How the data landscape has changed in the last week
A data set was published on Thursday 14 May about the deaths of learning disabled and autistic people, see https://www.england.nhs.uk/statistics/statistical-work-areas/covid-19-daily-deaths/ tab ‘Covid19 All Deaths Condition 2’. Since publication this worksheet has been updated to state it will be updated weekly. This data appears to report the total number of deaths of learning disabled people from coronavirus, who died in an acute hospital. There are many limitations with this data, see this thread from Professor Chris Hatton for a helpful summary of those https://twitter.com/chrishattoncedr/status/1260967567155515398.

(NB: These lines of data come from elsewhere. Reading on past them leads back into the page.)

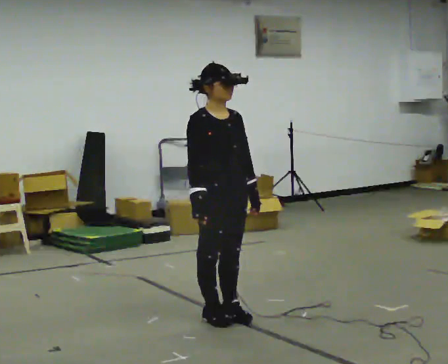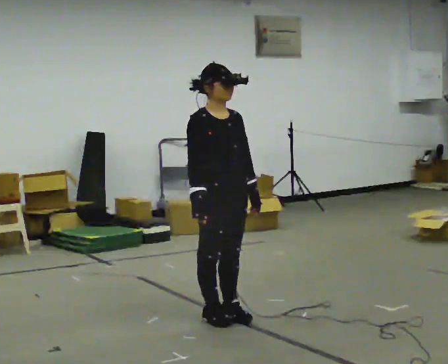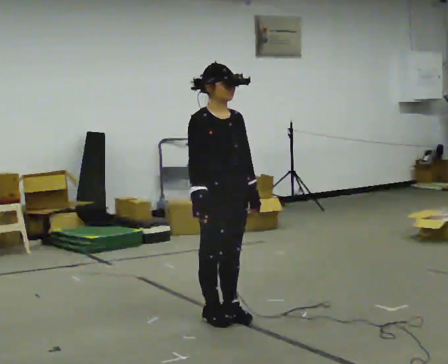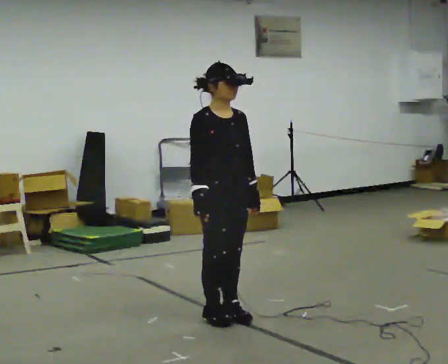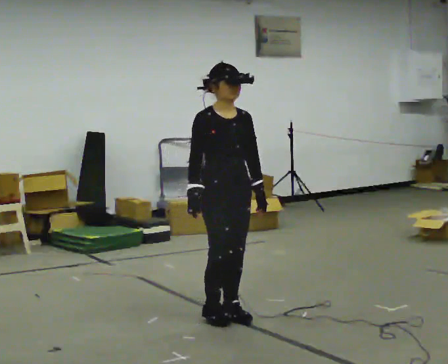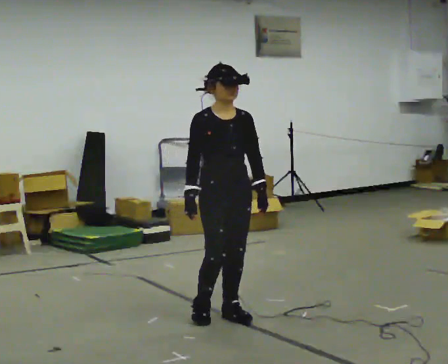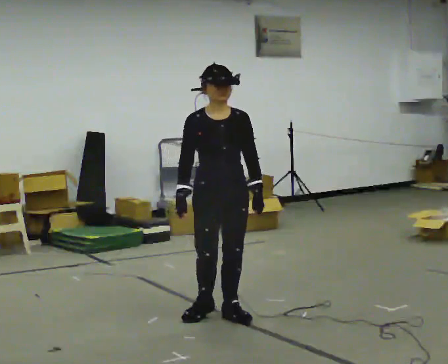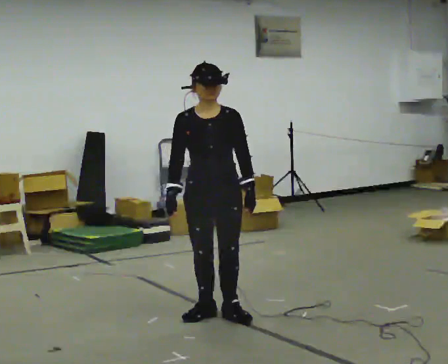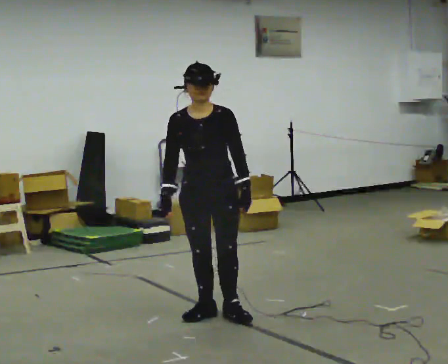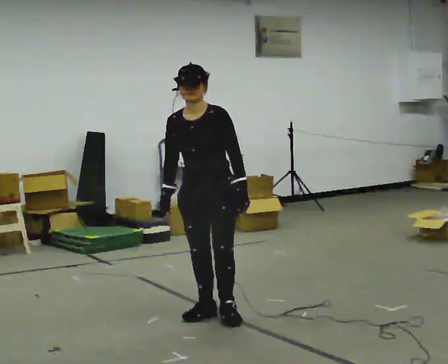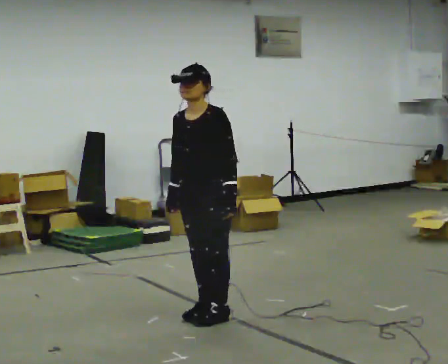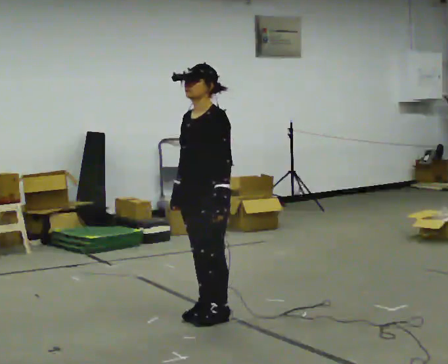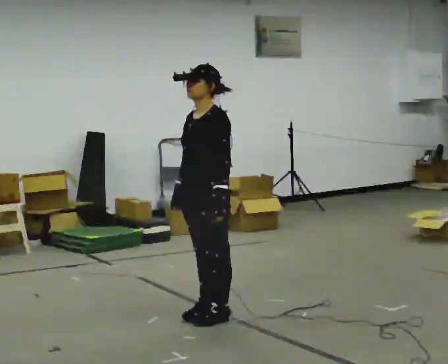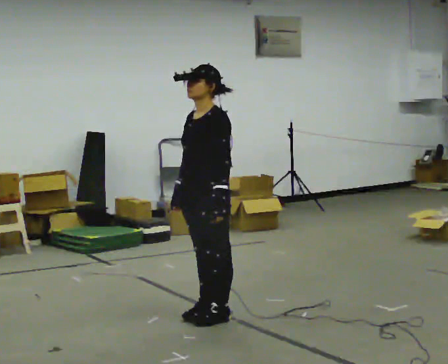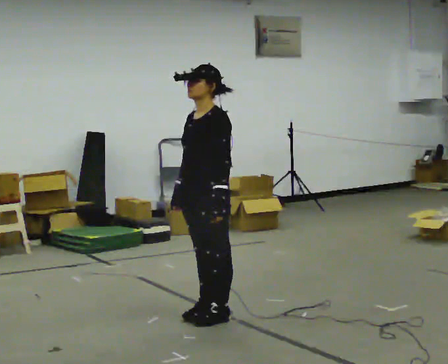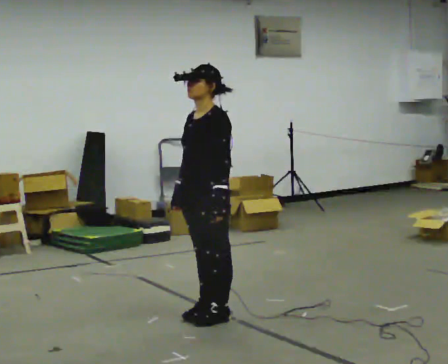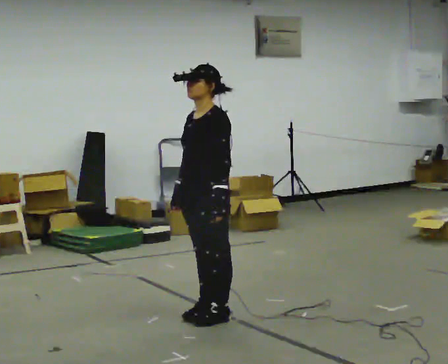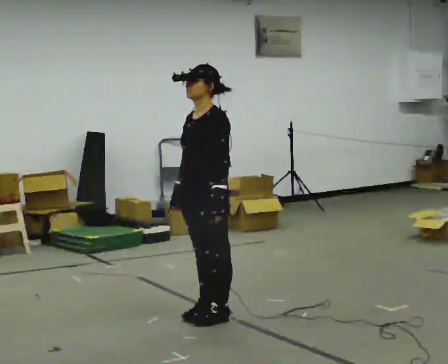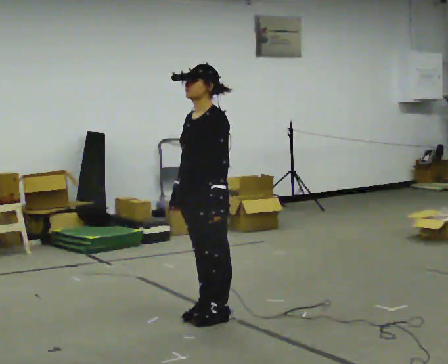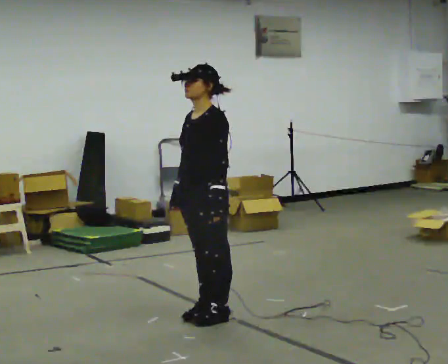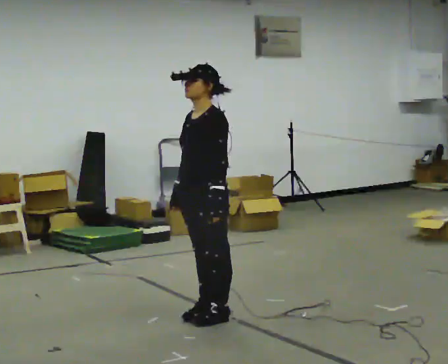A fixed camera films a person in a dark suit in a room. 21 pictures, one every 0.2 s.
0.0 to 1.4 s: The part of the body nearest the lens slides to the left as the person turns to their right by about 30 degrees.
1.4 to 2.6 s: The person turns about 60 degrees to their right, clockwise seen from above, so the part of the body nearest the lens slides to the left.
2.6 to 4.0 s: The person keeps their place and pose.
The film runs backward here.
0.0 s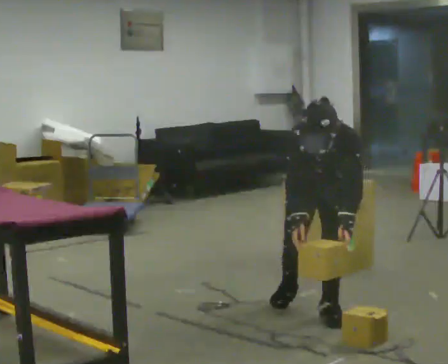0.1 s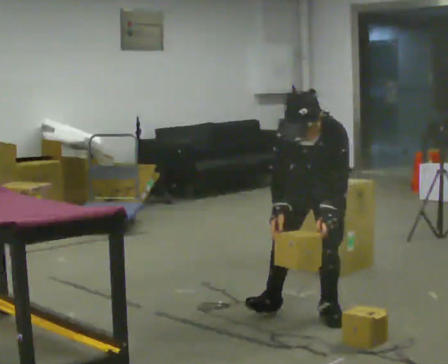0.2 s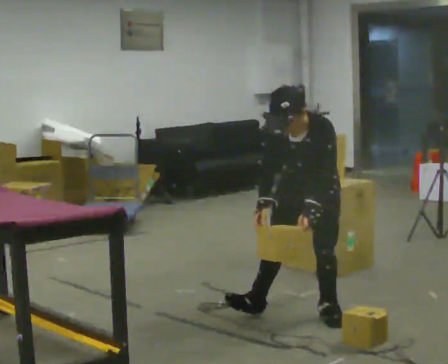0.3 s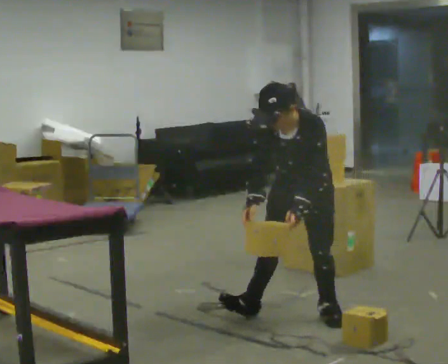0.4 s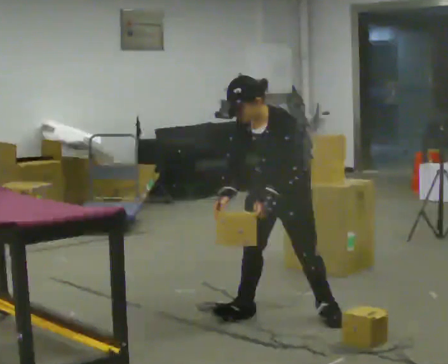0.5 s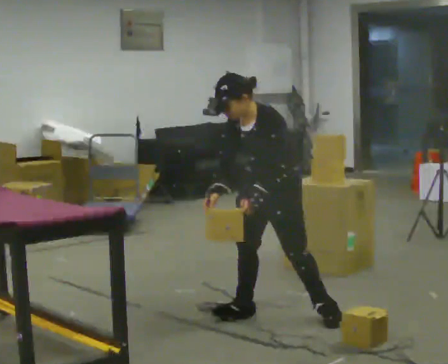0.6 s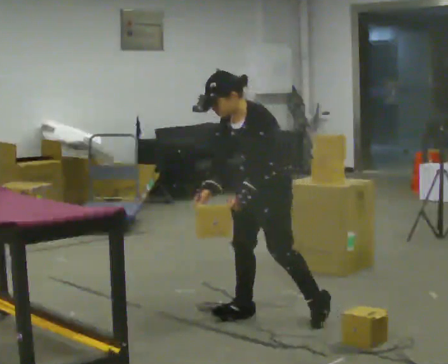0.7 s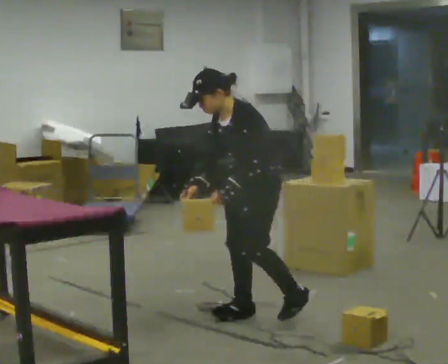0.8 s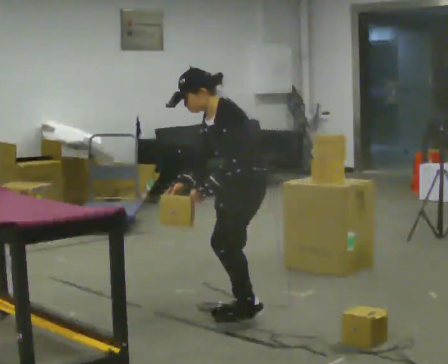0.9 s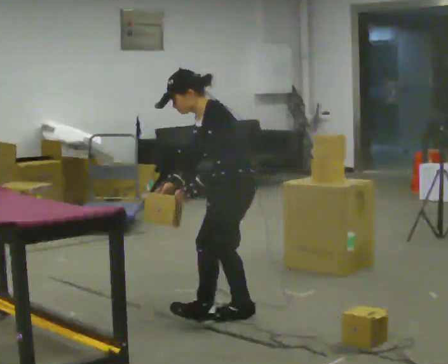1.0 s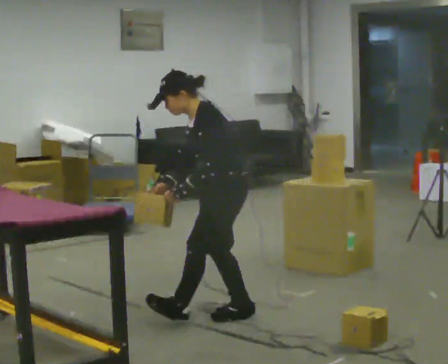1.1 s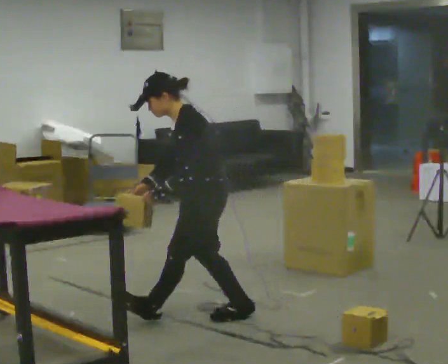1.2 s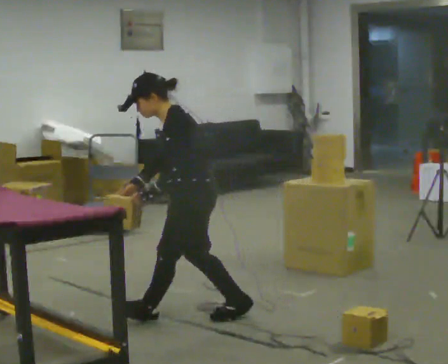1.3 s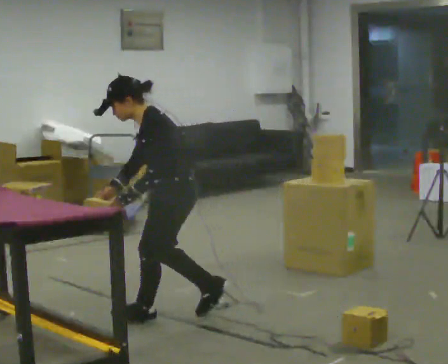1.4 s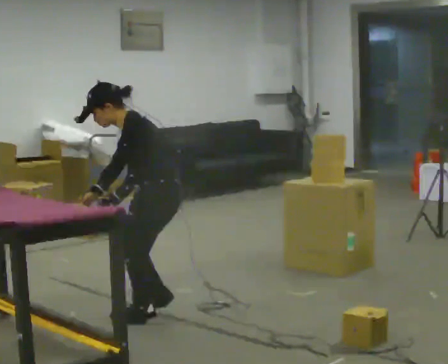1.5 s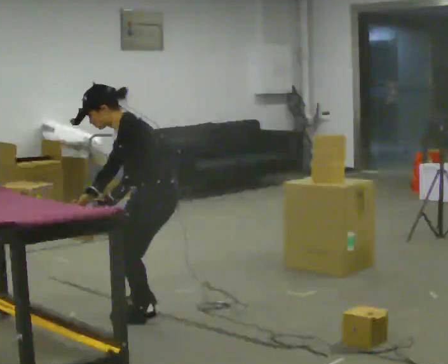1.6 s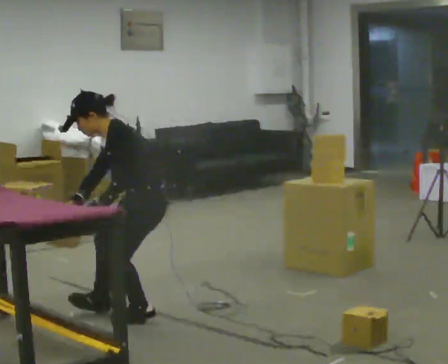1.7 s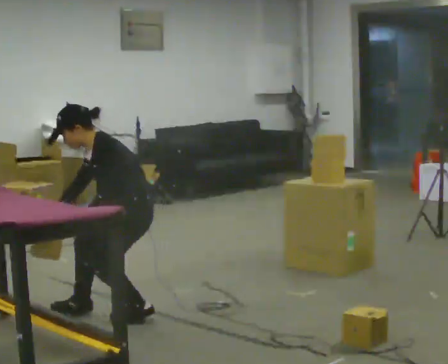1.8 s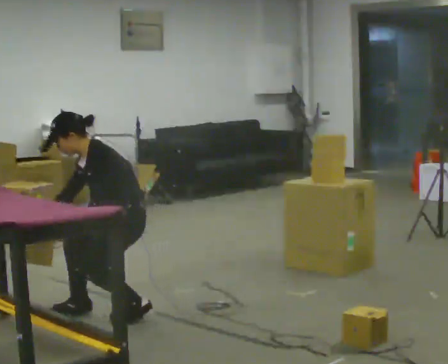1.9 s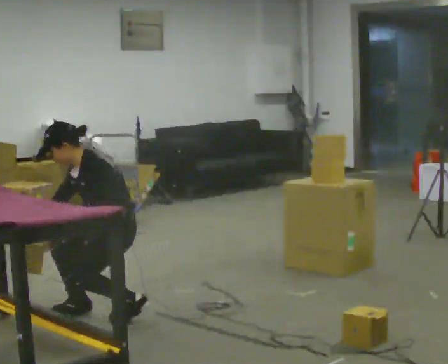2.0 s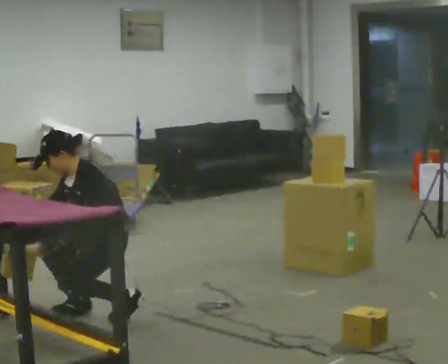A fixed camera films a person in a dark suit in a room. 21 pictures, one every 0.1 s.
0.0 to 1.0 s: The person turns about 75 degrees to their right, clockwise seen from above, so the part of the body nearest the lens slides to the left. In the picture they go to the left, about 0.5 m in 1 step. The upper body tips away from the camera, its near side rolling upward, as they lean back or straighten.
1.0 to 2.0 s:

Yesterday, Monday 18 May, there was a second data set published about the deaths of learning disabled people (with and without autism), see https://www.england.nhs.uk/publication/covid-19-deaths-of-patients-with-a-learning-disability-notified-to-leder/. This data appears to report notifications of deaths of learning disabled people to the LEDER programme. There are many limitations with this data, see this thread from Prof Hatton for another helpful summary https://twitter.com/chrishattoncedr/status/1262393384691523584.
Where that leaves us
In a nutshell we do not think anything has changed given how partial and insufficient this data is and the numerous limitations of it. After our letter was sent yesterday we received a response by email from NHS England a couple hours later. This response highlighted the latest data set published and suggested the key issues of our claim were addressed by it and our claim unnecessary. It ended:
'Given that the data disclosure appears to have resolved this matter I do not proposed to submit a detailed response to your lengthy letter. No discourtesy is intended but I would wish to avoid wasting public funds and do not wish to distract my clients from addressing other Covid-19 related issues'.
The discourtesy continues, and so does the case. Our legal team have responded explaining why we disagree and requesting a response in the timescales set out.
If we do not receive adequate responses by Friday then we will be left with no option but to issue proceedings. We will of course keep you all updated.
Thanks again for all the support and please continue to share the case far and wide.